● Source data
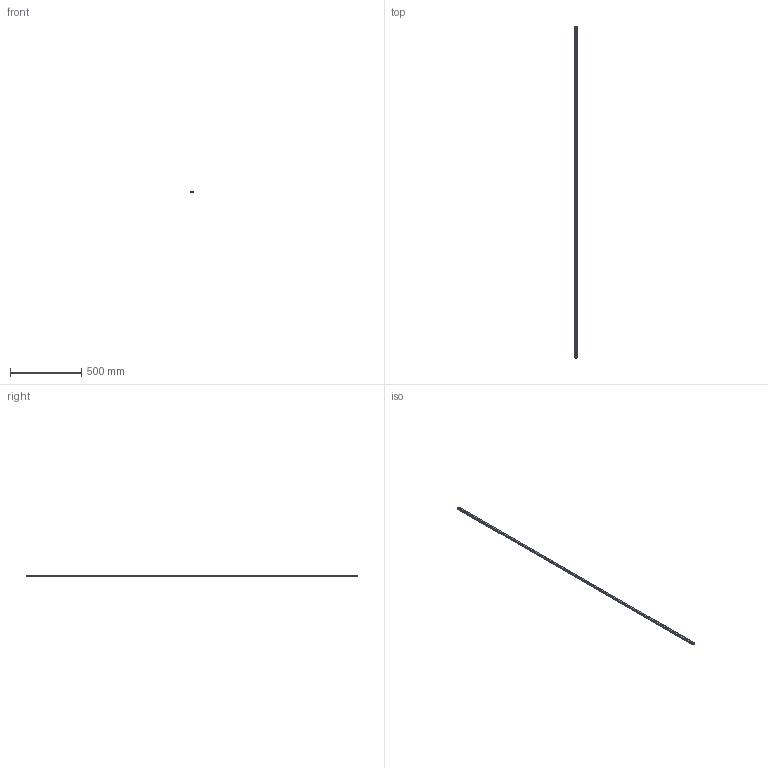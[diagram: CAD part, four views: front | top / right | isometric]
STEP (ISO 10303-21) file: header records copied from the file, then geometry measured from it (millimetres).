
FILE_DESCRIPTION(('STEP AP214'),'1');
FILE_NAME('cctmp_A7B3CD12-550D-458F-8B72-C872AED29B1D_2021_02_03_11_05_40_0338..stp','2021-02-03T10:05:40',('HIWIN GmbH'),('CADClick - www.CADClick.com'),'Spatial InterOp 3D',' ','unknown authorization');
FILE_SCHEMA(('AUTOMOTIVE_DESIGN'));
Length unit declared in the file: millimetre
Products named in the file (1): EGR15U2330C_FILE
Bounding box: 15 x 2330 x 12.5 mm (x, y, z)
Volume: 371117.5 mm3; surface area: 142001.7 mm2
Topology: 1 solids, 1 shells, 493 faces, 1227 edges, 818 vertices
Faces by surface type: cylinder 252, plane 241
Entity records: 18969 total; most frequent: DIRECTION 2875, CARTESIAN_POINT 2539, ORIENTED_EDGE 2454, EDGE_CURVE 1227, AXIS2_PLACEMENT_3D 1154, VERTEX_POINT 818, EDGE_LOOP 575, LINE 567
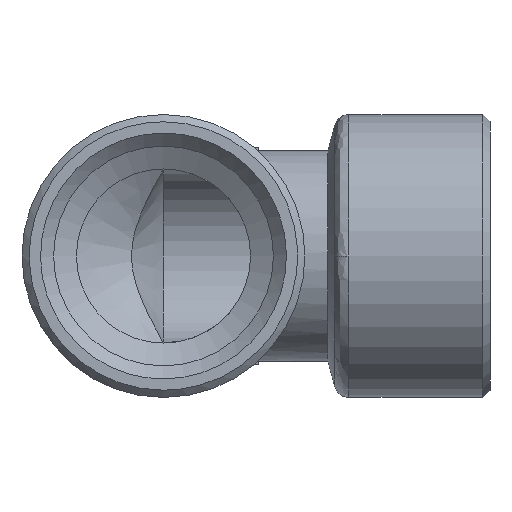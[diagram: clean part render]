
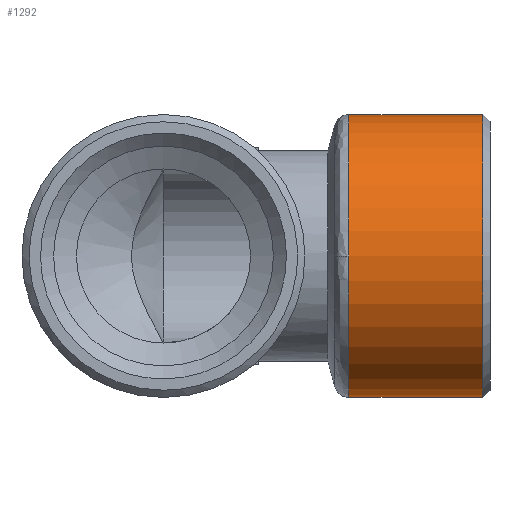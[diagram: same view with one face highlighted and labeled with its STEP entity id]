
A CAD part, front view. The second image highlights one B-rep face of the part: STEP entity #1292.
In plain terms, the highlighted cylindrical face has radius 19.5 mm (diameter 39 mm), a full revolution.
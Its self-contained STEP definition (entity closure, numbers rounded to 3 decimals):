
#5 = EDGE_CURVE ( 'NONE', #1242, #1242, #1197, .T. ) ;
#29 = AXIS2_PLACEMENT_3D ( 'NONE', #729, #161, #169 ) ;
#38 = AXIS2_PLACEMENT_3D ( 'NONE', #1550, #1370, #1376 ) ;
#125 = AXIS2_PLACEMENT_3D ( 'NONE', #1467, #1411, #1418 ) ;
#130 = EDGE_CURVE ( 'NONE', #1169, #1176, #971, .T. ) ;
#133 = EDGE_CURVE ( 'NONE', #1176, #1169, #1168, .T. ) ;
#148 = AXIS2_PLACEMENT_3D ( 'NONE', #1619, #1445, #1471 ) ;
#161 = DIRECTION ( 'NONE',  ( -1., 0., 0. ) ) ;
#169 = DIRECTION ( 'NONE',  ( 0., 0., 1. ) ) ;
#729 = CARTESIAN_POINT ( 'NONE',  ( 44., 46., 0. ) ) ;
#971 = CIRCLE ( 'NONE', #148, 19.5 ) ;
#1004 = EDGE_LOOP ( 'NONE', ( #1100 ) ) ;
#1005 = EDGE_LOOP ( 'NONE', ( #1094, #1093 ) ) ;
#1050 = FACE_OUTER_BOUND ( 'NONE', #1004, .T. ) ;
#1093 = ORIENTED_EDGE ( 'NONE', *, *, #130, .F. ) ;
#1094 = ORIENTED_EDGE ( 'NONE', *, *, #133, .F. ) ;
#1100 = ORIENTED_EDGE ( 'NONE', *, *, #5, .T. ) ;
#1168 = CIRCLE ( 'NONE', #125, 19.5 ) ;
#1169 = VERTEX_POINT ( 'NONE', #1540 ) ;
#1176 = VERTEX_POINT ( 'NONE', #1708 ) ;
#1197 = CIRCLE ( 'NONE', #29, 19.5 ) ;
#1205 = FACE_OUTER_BOUND ( 'NONE', #1005, .T. ) ;
#1210 = CYLINDRICAL_SURFACE ( 'NONE', #38, 19.5 ) ;
#1242 = VERTEX_POINT ( 'NONE', #1614 ) ;
#1292 = ADVANCED_FACE ( 'NONE', ( #1050, #1205 ), #1210, .T. ) ;
#1370 = DIRECTION ( 'NONE',  ( 1., 0., 0. ) ) ;
#1376 = DIRECTION ( 'NONE',  ( 0., 0., -1. ) ) ;
#1411 = DIRECTION ( 'NONE',  ( -1., 0., 0. ) ) ;
#1418 = DIRECTION ( 'NONE',  ( 0., 1., 0. ) ) ;
#1445 = DIRECTION ( 'NONE',  ( -1., 0., 0. ) ) ;
#1467 = CARTESIAN_POINT ( 'NONE',  ( 25.535, 46., 0. ) ) ;
#1471 = DIRECTION ( 'NONE',  ( 0., 1., 0. ) ) ;
#1540 = CARTESIAN_POINT ( 'NONE',  ( 25.535, 65.5, 0. ) ) ;
#1550 = CARTESIAN_POINT ( 'NONE',  ( 25.535, 46., 0. ) ) ;
#1614 = CARTESIAN_POINT ( 'NONE',  ( 44., 46., 19.5 ) ) ;
#1619 = CARTESIAN_POINT ( 'NONE',  ( 25.535, 46., 0. ) ) ;
#1708 = CARTESIAN_POINT ( 'NONE',  ( 25.535, 26.5, 0. ) ) ;

● PROMPT
Using the records above, set down exactly the lines from the one with "#1376 = DIRECTION" through the one with "#1540 = CARTESIAN_POINT", inclusive, and nothing more.

● EXERCISE RESPONSE
#1376 = DIRECTION ( 'NONE',  ( 0., 0., -1. ) ) ;
#1411 = DIRECTION ( 'NONE',  ( -1., 0., 0. ) ) ;
#1418 = DIRECTION ( 'NONE',  ( 0., 1., 0. ) ) ;
#1445 = DIRECTION ( 'NONE',  ( -1., 0., 0. ) ) ;
#1467 = CARTESIAN_POINT ( 'NONE',  ( 25.535, 46., 0. ) ) ;
#1471 = DIRECTION ( 'NONE',  ( 0., 1., 0. ) ) ;
#1540 = CARTESIAN_POINT ( 'NONE',  ( 25.535, 65.5, 0. ) ) ;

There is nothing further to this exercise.